◆ **INFORMATION SHOWN**
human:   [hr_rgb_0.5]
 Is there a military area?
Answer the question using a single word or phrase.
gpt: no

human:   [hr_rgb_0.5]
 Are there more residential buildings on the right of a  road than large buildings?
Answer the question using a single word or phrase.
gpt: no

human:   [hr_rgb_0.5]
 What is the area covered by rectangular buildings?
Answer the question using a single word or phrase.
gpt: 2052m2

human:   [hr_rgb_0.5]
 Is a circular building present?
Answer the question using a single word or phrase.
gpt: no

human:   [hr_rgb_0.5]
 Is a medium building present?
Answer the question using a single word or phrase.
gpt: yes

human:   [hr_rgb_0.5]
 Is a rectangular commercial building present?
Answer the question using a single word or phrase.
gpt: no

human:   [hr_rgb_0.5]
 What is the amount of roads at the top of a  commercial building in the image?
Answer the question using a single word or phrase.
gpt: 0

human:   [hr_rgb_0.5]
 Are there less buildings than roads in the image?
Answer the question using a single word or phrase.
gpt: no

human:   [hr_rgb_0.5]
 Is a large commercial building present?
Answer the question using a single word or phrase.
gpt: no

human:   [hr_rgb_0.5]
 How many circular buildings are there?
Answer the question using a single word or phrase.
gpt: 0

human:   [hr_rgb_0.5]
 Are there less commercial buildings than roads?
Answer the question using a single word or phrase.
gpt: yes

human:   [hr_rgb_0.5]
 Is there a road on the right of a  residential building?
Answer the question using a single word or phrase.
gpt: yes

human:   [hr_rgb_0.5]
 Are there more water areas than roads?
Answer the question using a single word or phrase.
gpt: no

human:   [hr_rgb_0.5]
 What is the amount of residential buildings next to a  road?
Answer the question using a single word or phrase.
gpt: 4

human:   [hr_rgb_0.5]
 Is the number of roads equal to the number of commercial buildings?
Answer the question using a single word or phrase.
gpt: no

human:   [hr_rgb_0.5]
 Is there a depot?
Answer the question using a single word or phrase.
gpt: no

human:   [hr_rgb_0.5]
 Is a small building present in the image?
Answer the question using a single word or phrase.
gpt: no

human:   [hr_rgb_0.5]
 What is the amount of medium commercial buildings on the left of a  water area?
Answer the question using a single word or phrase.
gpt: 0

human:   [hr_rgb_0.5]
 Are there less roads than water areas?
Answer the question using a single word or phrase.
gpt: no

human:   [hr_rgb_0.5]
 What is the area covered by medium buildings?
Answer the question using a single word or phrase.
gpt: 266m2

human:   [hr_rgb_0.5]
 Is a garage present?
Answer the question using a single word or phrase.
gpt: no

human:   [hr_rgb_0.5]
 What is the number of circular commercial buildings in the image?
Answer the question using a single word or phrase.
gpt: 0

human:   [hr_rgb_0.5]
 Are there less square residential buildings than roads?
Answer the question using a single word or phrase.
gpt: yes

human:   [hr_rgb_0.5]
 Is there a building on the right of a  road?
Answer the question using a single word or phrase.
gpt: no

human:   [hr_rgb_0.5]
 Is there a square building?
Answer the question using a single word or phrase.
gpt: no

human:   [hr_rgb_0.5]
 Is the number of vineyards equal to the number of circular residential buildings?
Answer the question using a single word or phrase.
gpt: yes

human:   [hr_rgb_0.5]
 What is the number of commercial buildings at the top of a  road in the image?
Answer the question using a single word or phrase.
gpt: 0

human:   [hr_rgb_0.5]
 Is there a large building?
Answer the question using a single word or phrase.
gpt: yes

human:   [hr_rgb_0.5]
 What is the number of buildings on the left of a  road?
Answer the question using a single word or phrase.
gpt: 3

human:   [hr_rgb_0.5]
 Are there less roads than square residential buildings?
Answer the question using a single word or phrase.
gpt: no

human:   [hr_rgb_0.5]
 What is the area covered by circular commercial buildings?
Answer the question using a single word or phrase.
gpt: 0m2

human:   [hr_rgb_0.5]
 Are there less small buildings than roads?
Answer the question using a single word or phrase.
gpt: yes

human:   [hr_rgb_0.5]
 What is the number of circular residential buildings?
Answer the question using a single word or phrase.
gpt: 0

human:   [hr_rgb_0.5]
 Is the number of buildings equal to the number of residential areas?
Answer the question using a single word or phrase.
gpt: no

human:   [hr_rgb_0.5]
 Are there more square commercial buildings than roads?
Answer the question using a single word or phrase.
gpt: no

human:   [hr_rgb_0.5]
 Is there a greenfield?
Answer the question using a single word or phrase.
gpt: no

◆ **EXERCISE**
Beginning with the first line and ending with the last, copy the material above exactly.

◆ **ANSWER TO THIS EXERCISE**
human:   [hr_rgb_0.5]
 Is there a military area?
Answer the question using a single word or phrase.
gpt: no

human:   [hr_rgb_0.5]
 Are there more residential buildings on the right of a  road than large buildings?
Answer the question using a single word or phrase.
gpt: no

human:   [hr_rgb_0.5]
 What is the area covered by rectangular buildings?
Answer the question using a single word or phrase.
gpt: 2052m2

human:   [hr_rgb_0.5]
 Is a circular building present?
Answer the question using a single word or phrase.
gpt: no

human:   [hr_rgb_0.5]
 Is a medium building present?
Answer the question using a single word or phrase.
gpt: yes

human:   [hr_rgb_0.5]
 Is a rectangular commercial building present?
Answer the question using a single word or phrase.
gpt: no

human:   [hr_rgb_0.5]
 What is the amount of roads at the top of a  commercial building in the image?
Answer the question using a single word or phrase.
gpt: 0

human:   [hr_rgb_0.5]
 Are there less buildings than roads in the image?
Answer the question using a single word or phrase.
gpt: no

human:   [hr_rgb_0.5]
 Is a large commercial building present?
Answer the question using a single word or phrase.
gpt: no

human:   [hr_rgb_0.5]
 How many circular buildings are there?
Answer the question using a single word or phrase.
gpt: 0

human:   [hr_rgb_0.5]
 Are there less commercial buildings than roads?
Answer the question using a single word or phrase.
gpt: yes

human:   [hr_rgb_0.5]
 Is there a road on the right of a  residential building?
Answer the question using a single word or phrase.
gpt: yes

human:   [hr_rgb_0.5]
 Are there more water areas than roads?
Answer the question using a single word or phrase.
gpt: no

human:   [hr_rgb_0.5]
 What is the amount of residential buildings next to a  road?
Answer the question using a single word or phrase.
gpt: 4

human:   [hr_rgb_0.5]
 Is the number of roads equal to the number of commercial buildings?
Answer the question using a single word or phrase.
gpt: no

human:   [hr_rgb_0.5]
 Is there a depot?
Answer the question using a single word or phrase.
gpt: no

human:   [hr_rgb_0.5]
 Is a small building present in the image?
Answer the question using a single word or phrase.
gpt: no

human:   [hr_rgb_0.5]
 What is the amount of medium commercial buildings on the left of a  water area?
Answer the question using a single word or phrase.
gpt: 0

human:   [hr_rgb_0.5]
 Are there less roads than water areas?
Answer the question using a single word or phrase.
gpt: no

human:   [hr_rgb_0.5]
 What is the area covered by medium buildings?
Answer the question using a single word or phrase.
gpt: 266m2

human:   [hr_rgb_0.5]
 Is a garage present?
Answer the question using a single word or phrase.
gpt: no

human:   [hr_rgb_0.5]
 What is the number of circular commercial buildings in the image?
Answer the question using a single word or phrase.
gpt: 0

human:   [hr_rgb_0.5]
 Are there less square residential buildings than roads?
Answer the question using a single word or phrase.
gpt: yes

human:   [hr_rgb_0.5]
 Is there a building on the right of a  road?
Answer the question using a single word or phrase.
gpt: no

human:   [hr_rgb_0.5]
 Is there a square building?
Answer the question using a single word or phrase.
gpt: no

human:   [hr_rgb_0.5]
 Is the number of vineyards equal to the number of circular residential buildings?
Answer the question using a single word or phrase.
gpt: yes

human:   [hr_rgb_0.5]
 What is the number of commercial buildings at the top of a  road in the image?
Answer the question using a single word or phrase.
gpt: 0

human:   [hr_rgb_0.5]
 Is there a large building?
Answer the question using a single word or phrase.
gpt: yes

human:   [hr_rgb_0.5]
 What is the number of buildings on the left of a  road?
Answer the question using a single word or phrase.
gpt: 3

human:   [hr_rgb_0.5]
 Are there less roads than square residential buildings?
Answer the question using a single word or phrase.
gpt: no

human:   [hr_rgb_0.5]
 What is the area covered by circular commercial buildings?
Answer the question using a single word or phrase.
gpt: 0m2

human:   [hr_rgb_0.5]
 Are there less small buildings than roads?
Answer the question using a single word or phrase.
gpt: yes

human:   [hr_rgb_0.5]
 What is the number of circular residential buildings?
Answer the question using a single word or phrase.
gpt: 0

human:   [hr_rgb_0.5]
 Is the number of buildings equal to the number of residential areas?
Answer the question using a single word or phrase.
gpt: no

human:   [hr_rgb_0.5]
 Are there more square commercial buildings than roads?
Answer the question using a single word or phrase.
gpt: no

human:   [hr_rgb_0.5]
 Is there a greenfield?
Answer the question using a single word or phrase.
gpt: no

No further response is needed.